Df Residuals: 253 BIC: 4117.
Df Model: 2
Covariance Type: nonrobust
coef std err t P>|t| [0.025 0.975]
Intercept 2066.9020 82.158 25.158 0.000 1905.102 2228.702
C(zarr_version)[T.3] -17.5790 91.439 -0.192 0.848 -197.657 162.499
actual_chunk_size 84.7372 5.208 16.269 0.000 74.480 94.995
Omnibus: 37.985 Durbin-Watson: 1.955
Prob(Omnibus): 0.000 Jarque-Bera (JB): 52.057
Skew: -0.953 Prob(JB): 4.96e-12
Kurtosis: 4.116 Cond. No. 31.2


Notes:
[1] Standard Errors assume that the covariance matrix of the errors is correctly specified.

Show the rendering time at different zoom levels.

plt_opts = {"width": 400, "height": 300}

plts = []

for zoom_level in range(4):
    df_level = df[df["zoom"] == zoom_level]
    plts.append(
        df_level.hvplot.box(
            y="duration",
            by=["actual_chunk_size", "zarr_version"],
            c="zarr_version",
            cmap=cmap,
            ylabel="Time to render (ms)",
            xlabel="Chunk size (MB); Zarr version",
            legend=False,
            title=f"Zoom level {zoom_level}",
        ).opts(**plt_opts)
    )
hv.Layout(plts).cols(2)
/Users/max/mambaforge/envs/benchmark-maps/lib/python3.10/site-packages/holoviews/plotting/bokeh/plot.py:987: UserWarning: found multiple competing values for 'toolbar.active_drag' property; using the latest value
  layout_plot = gridplot(
/Users/max/mambaforge/envs/benchmark-maps/lib/python3.10/site-packages/holoviews/plotting/bokeh/plot.py:987: UserWarning: found multiple competing values for 'toolbar.active_scroll' property; using the latest value
  layout_plot = gridplot(

Add a multiplicative interaction term with zoom level to the multiple linear regression. The results show that chunk size has a significant impact on rendering performance at higher zoom levels, with the most pronounced affect at zoom level 3.

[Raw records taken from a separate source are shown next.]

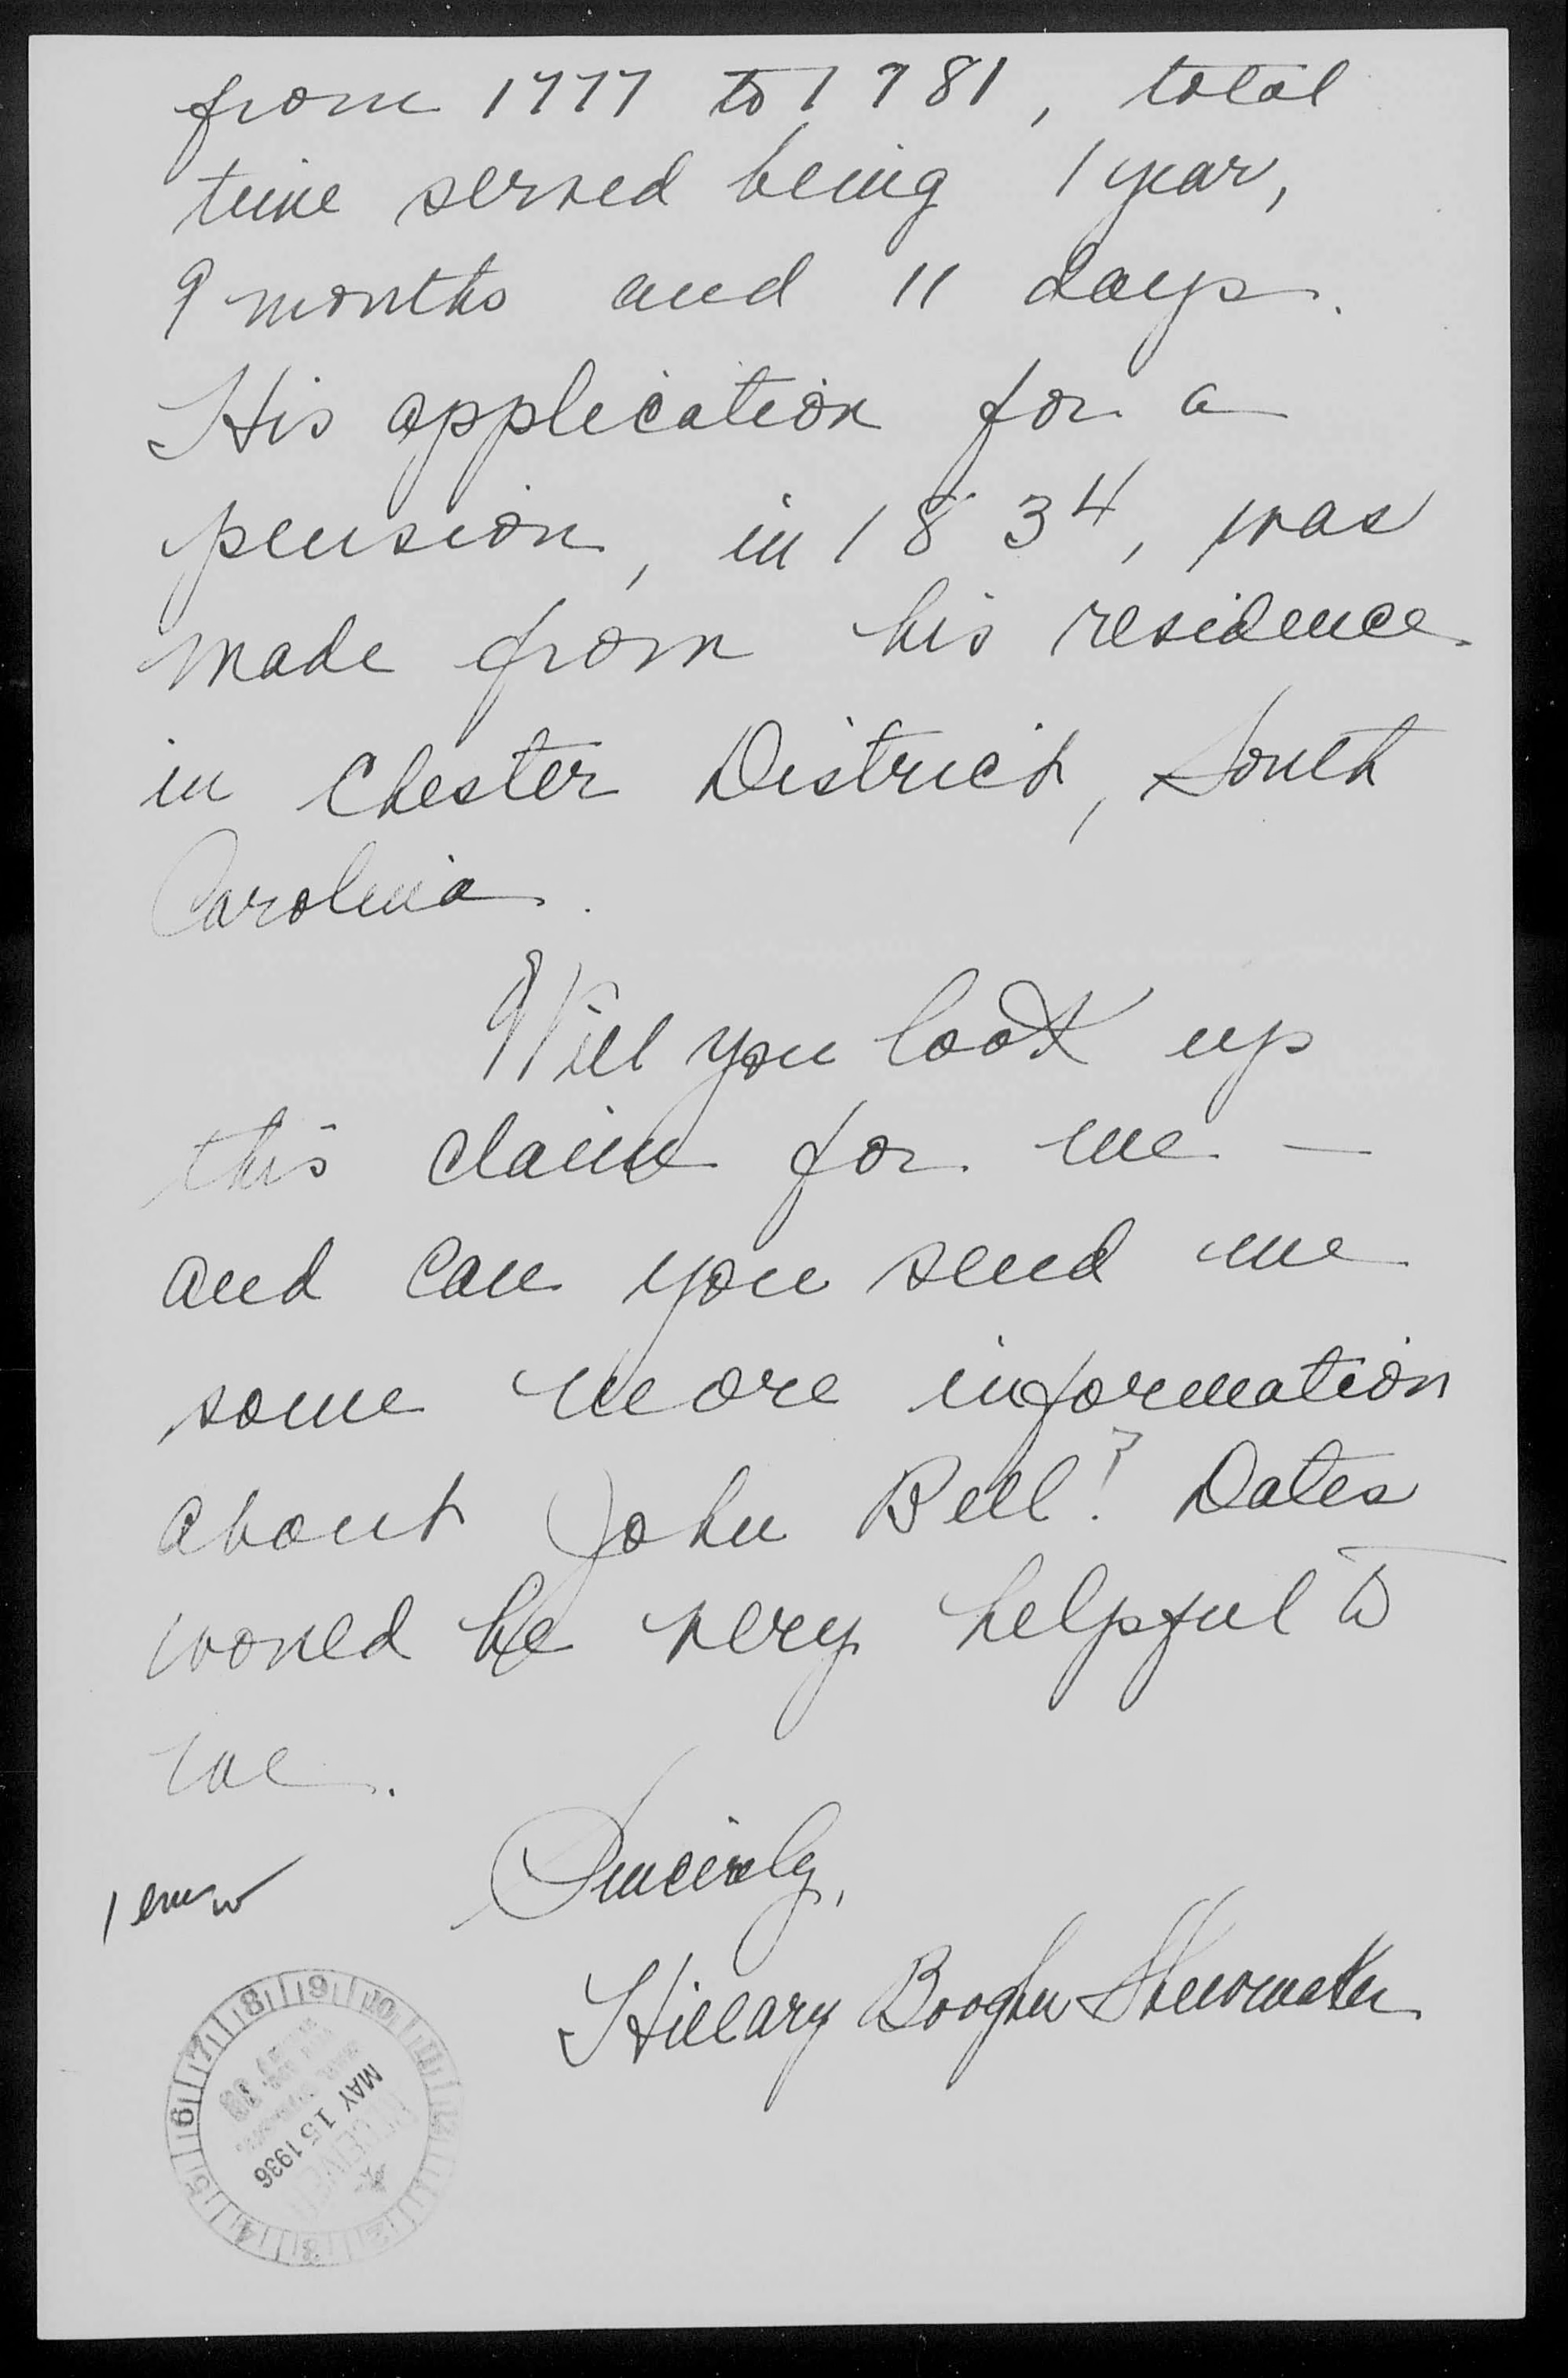from 1777 to 1781, total time served being 1 year, 9 months and 11 days. His application for pension, in 1834, was made from his residence in Chester District, South Carolina. 
Will you look up this claim for me- and can you send me some more information about John Bell? Dates would be very helpful as well. 

Sincerely, 
Hillary Boogher Shewmaker

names: John Bell, Hillary Boogher Shewmaker
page: 16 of 23
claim: survivor's
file: S. 21068, John Bell, Ga. N. C. S. C.

model = smf.ols("duration ~ actual_chunk_size * C(zoom)", data=df).fit()
model.summary()
OLS Regression Results
Dep. Variable: duration R-squared: 0.919
Model: OLS Adj. R-squared: 0.917
Method: Least Squares F-statistic: 401.4
Date: Sat, 02 Sep 2023 Prob (F-statistic): 2.29e-131
Time: 19:45:37 Log-Likelihood: -1820.2
No. Observations: 256 AIC: 3656.
Df Residuals: 248 BIC: 3685.
Df Model: 7
Covariance Type: nonrobust
coef std err t P>|t| [0.025 0.975]
Intercept 2274.2785 56.178 40.484 0.000 2163.633 2384.925
C(zoom)[T.1.0] 171.4040 79.447 2.157 0.032 14.927 327.881
C(zoom)[T.2.0] -595.6177 79.447 -7.497 0.000 -752.095 -439.141
C(zoom)[T.3.0] -440.4506 79.447 -5.544 0.000 -596.928 -283.974
actual_chunk_size -6.0398 4.286 -1.409 0.160 -14.482 2.403
actual_chunk_size:C(zoom)[T.1.0] 71.2072 6.062 11.747 0.000 59.268 83.147
actual_chunk_size:C(zoom)[T.2.0] 140.8571 6.062 23.236 0.000 128.918 152.796
actual_chunk_size:C(zoom)[T.3.0] 151.0435 6.062 24.917 0.000 139.104 162.983
Omnibus: 23.536 Durbin-Watson: 1.445
Prob(Omnibus): 0.000 Jarque-Bera (JB): 39.029
Skew: 0.545 Prob(JB): 3.35e-09
Kurtosis: 4.572 Cond. No. 94.1


Notes:
[1] Standard Errors assume that the covariance matrix of the errors is correctly specified.